[Data in this exercise Boundary: Start]
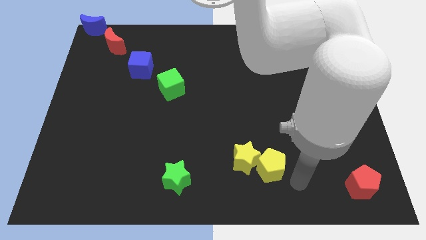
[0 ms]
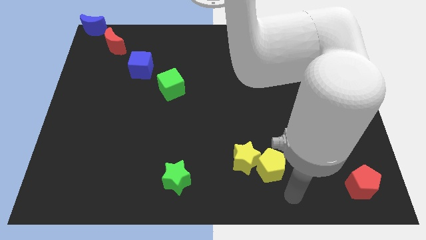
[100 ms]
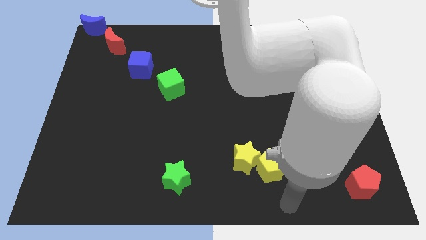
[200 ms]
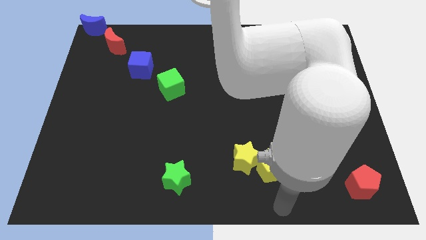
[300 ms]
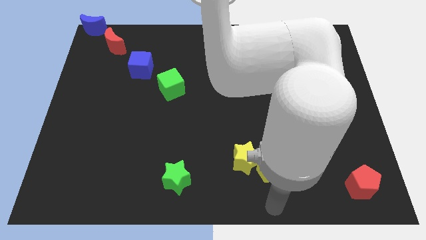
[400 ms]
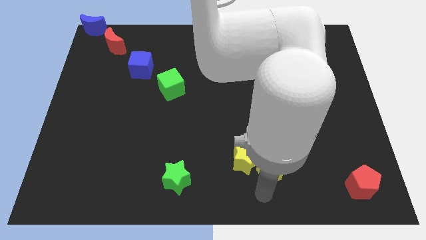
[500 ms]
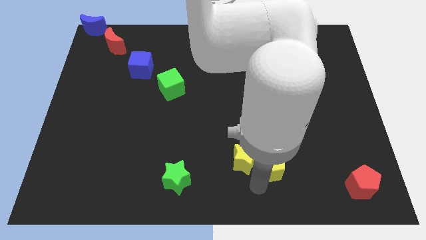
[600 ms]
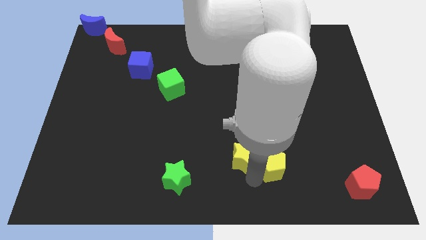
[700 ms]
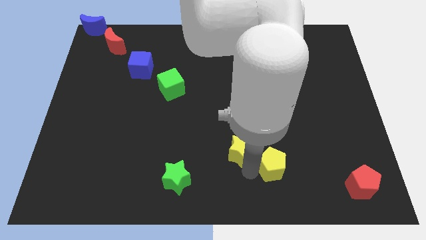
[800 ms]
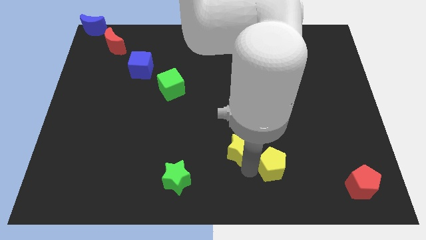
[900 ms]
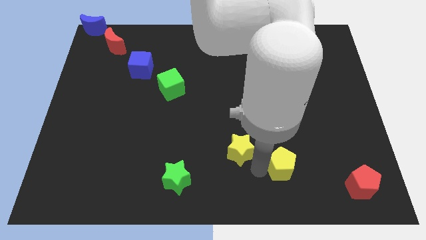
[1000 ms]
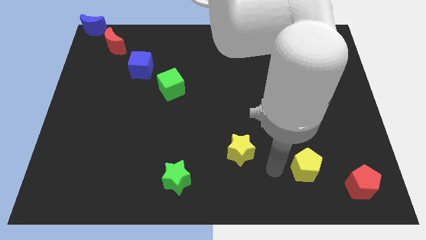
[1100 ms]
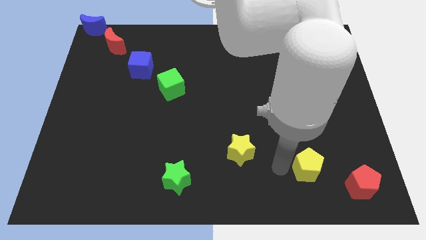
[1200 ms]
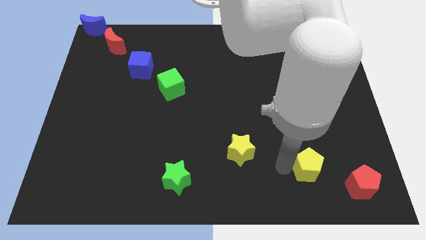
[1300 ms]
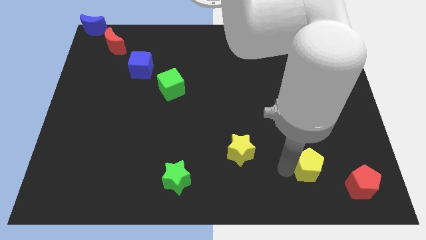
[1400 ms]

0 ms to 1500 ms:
[Data in this exercise Boundary: End]
Pictures aside, retype all of the entries word for word.

[0 ms]
[100 ms]
[200 ms]
[300 ms]
[400 ms]
[500 ms]
[600 ms]
[700 ms]
[800 ms]
[900 ms]
[1000 ms]
[1100 ms]
[1200 ms]
[1300 ms]
[1400 ms]

0 ms to 1500 ms:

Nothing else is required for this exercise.